For the listing that follows, give again exactly the lines from the one with "#128090=DIRECTION('',(1.,0.,0.));" to the one with "#157571=CARTESIAN_POINT('',(-87.082,-4.5,3.601));", including both.

Record extracts =

┄┄┄┄┄┄┄┄┄┄┄┄┄┄┄┄┄┄┄┄

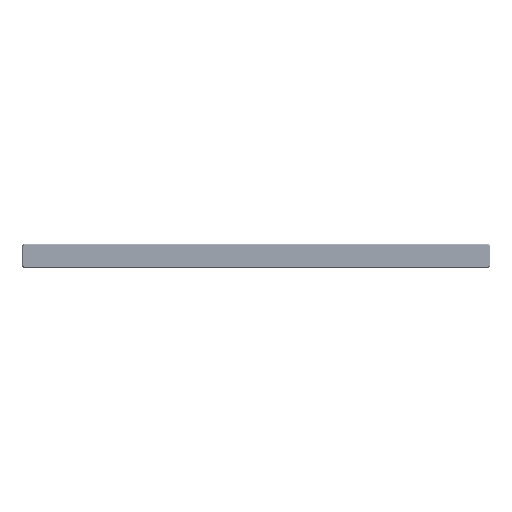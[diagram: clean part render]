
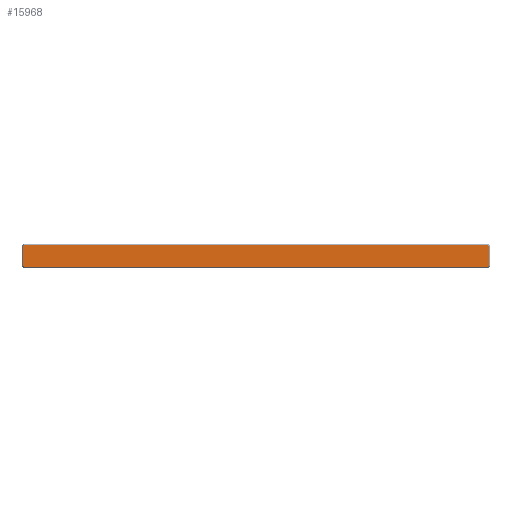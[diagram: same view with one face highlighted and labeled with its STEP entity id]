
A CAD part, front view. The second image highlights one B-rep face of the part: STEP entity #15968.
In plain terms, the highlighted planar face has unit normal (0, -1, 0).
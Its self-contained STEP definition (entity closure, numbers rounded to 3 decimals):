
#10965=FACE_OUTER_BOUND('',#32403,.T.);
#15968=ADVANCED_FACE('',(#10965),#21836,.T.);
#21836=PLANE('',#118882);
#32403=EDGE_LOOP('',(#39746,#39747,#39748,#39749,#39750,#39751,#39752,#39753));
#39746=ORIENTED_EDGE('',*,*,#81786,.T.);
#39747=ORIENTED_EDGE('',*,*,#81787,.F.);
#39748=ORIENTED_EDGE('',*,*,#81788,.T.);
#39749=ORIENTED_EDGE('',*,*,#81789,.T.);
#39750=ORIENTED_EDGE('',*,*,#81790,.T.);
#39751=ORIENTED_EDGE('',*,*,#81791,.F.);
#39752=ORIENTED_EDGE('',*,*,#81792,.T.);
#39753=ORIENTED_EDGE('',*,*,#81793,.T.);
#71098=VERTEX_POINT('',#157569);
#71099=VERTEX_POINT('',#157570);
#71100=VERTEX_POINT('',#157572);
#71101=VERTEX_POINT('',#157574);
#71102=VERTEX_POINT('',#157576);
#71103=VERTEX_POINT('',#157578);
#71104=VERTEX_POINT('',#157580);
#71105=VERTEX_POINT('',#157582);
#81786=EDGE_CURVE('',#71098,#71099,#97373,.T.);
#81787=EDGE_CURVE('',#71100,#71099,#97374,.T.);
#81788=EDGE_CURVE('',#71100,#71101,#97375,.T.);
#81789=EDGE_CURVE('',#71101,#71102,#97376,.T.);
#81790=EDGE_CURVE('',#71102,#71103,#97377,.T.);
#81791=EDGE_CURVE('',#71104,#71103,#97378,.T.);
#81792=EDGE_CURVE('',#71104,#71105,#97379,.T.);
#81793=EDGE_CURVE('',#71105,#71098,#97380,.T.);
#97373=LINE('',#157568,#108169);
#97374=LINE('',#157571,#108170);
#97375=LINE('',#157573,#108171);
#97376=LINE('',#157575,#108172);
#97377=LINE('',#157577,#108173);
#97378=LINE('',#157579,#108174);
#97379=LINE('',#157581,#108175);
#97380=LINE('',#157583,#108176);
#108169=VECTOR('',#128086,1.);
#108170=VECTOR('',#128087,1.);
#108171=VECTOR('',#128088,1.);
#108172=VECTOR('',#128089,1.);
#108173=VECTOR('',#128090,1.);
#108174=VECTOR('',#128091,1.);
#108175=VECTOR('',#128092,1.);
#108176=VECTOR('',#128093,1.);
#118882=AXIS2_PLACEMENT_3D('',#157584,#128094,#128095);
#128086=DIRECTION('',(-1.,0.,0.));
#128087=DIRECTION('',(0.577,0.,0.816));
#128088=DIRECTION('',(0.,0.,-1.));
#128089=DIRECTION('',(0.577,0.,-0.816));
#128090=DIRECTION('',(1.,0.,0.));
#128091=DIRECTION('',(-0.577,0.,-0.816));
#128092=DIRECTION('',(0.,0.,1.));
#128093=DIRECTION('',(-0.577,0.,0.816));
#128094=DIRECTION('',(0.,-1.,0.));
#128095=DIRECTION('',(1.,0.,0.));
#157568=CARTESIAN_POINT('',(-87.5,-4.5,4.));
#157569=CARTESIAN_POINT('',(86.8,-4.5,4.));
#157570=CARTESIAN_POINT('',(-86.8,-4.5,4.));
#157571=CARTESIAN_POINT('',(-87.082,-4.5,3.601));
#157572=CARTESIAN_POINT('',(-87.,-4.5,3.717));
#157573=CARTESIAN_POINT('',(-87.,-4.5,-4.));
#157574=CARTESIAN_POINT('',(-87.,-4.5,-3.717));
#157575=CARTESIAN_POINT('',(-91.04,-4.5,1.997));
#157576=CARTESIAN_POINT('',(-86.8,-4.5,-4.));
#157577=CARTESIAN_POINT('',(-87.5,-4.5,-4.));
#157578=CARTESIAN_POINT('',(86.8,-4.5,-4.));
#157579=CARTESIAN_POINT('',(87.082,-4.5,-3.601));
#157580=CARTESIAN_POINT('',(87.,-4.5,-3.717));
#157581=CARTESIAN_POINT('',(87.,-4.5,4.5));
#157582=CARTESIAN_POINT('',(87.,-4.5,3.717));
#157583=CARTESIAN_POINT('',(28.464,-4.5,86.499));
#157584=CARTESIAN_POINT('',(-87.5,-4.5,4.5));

┄┄┄┄┄┄┄┄┄┄┄┄┄┄┄┄┄┄┄┄

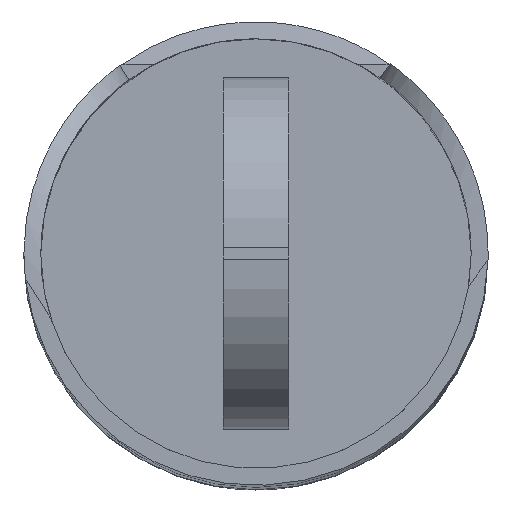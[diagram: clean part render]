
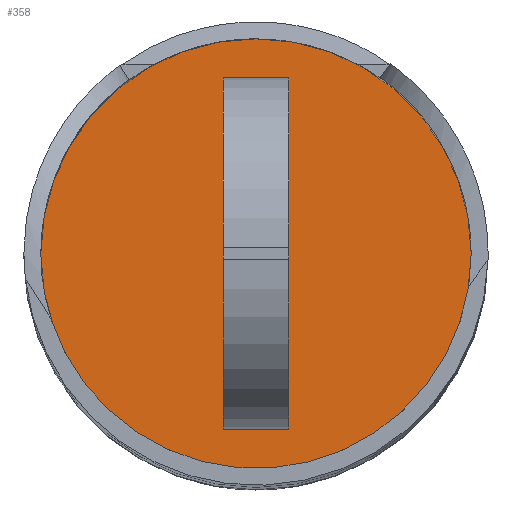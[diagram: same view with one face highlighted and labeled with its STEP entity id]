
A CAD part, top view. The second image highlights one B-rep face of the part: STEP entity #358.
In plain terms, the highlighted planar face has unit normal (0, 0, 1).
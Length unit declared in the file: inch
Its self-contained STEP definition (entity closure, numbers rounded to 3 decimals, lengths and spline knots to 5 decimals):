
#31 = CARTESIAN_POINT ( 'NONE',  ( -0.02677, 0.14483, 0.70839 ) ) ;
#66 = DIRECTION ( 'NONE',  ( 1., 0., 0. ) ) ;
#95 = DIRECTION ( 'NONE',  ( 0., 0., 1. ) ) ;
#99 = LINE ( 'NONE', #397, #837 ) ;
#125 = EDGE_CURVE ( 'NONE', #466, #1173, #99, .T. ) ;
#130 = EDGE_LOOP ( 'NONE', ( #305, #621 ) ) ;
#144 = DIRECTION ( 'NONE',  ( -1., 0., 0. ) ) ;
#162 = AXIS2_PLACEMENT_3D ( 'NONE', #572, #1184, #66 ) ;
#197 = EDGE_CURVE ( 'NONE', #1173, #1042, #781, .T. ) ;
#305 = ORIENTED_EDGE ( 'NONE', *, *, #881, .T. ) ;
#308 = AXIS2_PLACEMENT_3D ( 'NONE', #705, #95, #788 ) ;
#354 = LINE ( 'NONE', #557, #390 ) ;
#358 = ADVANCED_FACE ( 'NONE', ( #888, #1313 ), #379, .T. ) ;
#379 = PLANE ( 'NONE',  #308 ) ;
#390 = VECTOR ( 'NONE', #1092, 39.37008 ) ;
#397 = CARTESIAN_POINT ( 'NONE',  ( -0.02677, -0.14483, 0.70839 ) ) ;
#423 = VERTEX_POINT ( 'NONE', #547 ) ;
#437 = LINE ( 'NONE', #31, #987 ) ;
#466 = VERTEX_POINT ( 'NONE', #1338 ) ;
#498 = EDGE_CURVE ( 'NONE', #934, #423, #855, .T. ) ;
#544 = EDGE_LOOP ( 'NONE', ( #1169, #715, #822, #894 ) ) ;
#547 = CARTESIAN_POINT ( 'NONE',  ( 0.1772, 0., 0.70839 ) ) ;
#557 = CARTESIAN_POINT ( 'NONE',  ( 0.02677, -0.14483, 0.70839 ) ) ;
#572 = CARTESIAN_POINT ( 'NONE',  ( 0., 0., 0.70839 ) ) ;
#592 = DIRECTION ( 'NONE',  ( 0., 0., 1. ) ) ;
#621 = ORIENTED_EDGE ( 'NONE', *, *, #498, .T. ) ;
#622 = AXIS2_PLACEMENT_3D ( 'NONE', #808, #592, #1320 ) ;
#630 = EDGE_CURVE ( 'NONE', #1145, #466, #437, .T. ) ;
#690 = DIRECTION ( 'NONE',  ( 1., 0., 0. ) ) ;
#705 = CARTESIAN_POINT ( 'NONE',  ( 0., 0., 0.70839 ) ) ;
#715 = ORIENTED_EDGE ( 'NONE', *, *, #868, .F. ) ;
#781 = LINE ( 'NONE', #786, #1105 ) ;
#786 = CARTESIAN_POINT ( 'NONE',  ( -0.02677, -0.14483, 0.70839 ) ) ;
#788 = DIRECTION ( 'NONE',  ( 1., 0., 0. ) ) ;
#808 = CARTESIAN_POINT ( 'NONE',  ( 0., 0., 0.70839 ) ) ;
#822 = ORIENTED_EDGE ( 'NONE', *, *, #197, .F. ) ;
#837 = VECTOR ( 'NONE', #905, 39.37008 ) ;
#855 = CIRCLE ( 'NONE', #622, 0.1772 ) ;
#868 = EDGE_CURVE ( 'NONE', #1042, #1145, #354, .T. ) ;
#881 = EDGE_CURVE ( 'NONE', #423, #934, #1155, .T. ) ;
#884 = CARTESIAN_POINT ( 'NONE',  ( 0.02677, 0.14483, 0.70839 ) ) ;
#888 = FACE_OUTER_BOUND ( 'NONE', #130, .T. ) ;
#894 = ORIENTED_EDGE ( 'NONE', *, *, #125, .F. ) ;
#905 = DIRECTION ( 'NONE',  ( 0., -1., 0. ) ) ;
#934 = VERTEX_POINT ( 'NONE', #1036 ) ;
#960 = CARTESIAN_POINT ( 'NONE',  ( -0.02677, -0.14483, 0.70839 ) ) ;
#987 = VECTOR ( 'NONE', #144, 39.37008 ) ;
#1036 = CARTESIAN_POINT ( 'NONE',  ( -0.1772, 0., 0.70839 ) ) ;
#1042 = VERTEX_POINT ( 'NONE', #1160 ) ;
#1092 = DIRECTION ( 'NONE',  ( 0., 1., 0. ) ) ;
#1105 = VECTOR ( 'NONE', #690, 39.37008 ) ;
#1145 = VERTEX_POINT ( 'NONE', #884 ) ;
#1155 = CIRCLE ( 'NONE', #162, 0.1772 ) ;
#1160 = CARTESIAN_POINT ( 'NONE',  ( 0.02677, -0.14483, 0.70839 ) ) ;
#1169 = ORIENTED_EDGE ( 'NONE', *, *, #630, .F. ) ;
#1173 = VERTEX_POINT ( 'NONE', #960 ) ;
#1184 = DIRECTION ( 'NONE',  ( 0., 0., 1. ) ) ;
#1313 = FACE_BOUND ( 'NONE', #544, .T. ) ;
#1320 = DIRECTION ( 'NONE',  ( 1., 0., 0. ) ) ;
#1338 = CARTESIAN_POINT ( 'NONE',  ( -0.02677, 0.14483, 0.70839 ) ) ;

┄┄┄┄┄┄┄┄┄┄┄┄┄┄┄┄┄┄┄┄

The answer =
#128090=DIRECTION('',(1.,0.,0.));
#128091=DIRECTION('',(-0.577,0.,-0.816));
#128092=DIRECTION('',(0.,0.,1.));
#128093=DIRECTION('',(-0.577,0.,0.816));
#128094=DIRECTION('',(0.,-1.,0.));
#128095=DIRECTION('',(1.,0.,0.));
#157568=CARTESIAN_POINT('',(-87.5,-4.5,4.));
#157569=CARTESIAN_POINT('',(86.8,-4.5,4.));
#157570=CARTESIAN_POINT('',(-86.8,-4.5,4.));
#157571=CARTESIAN_POINT('',(-87.082,-4.5,3.601));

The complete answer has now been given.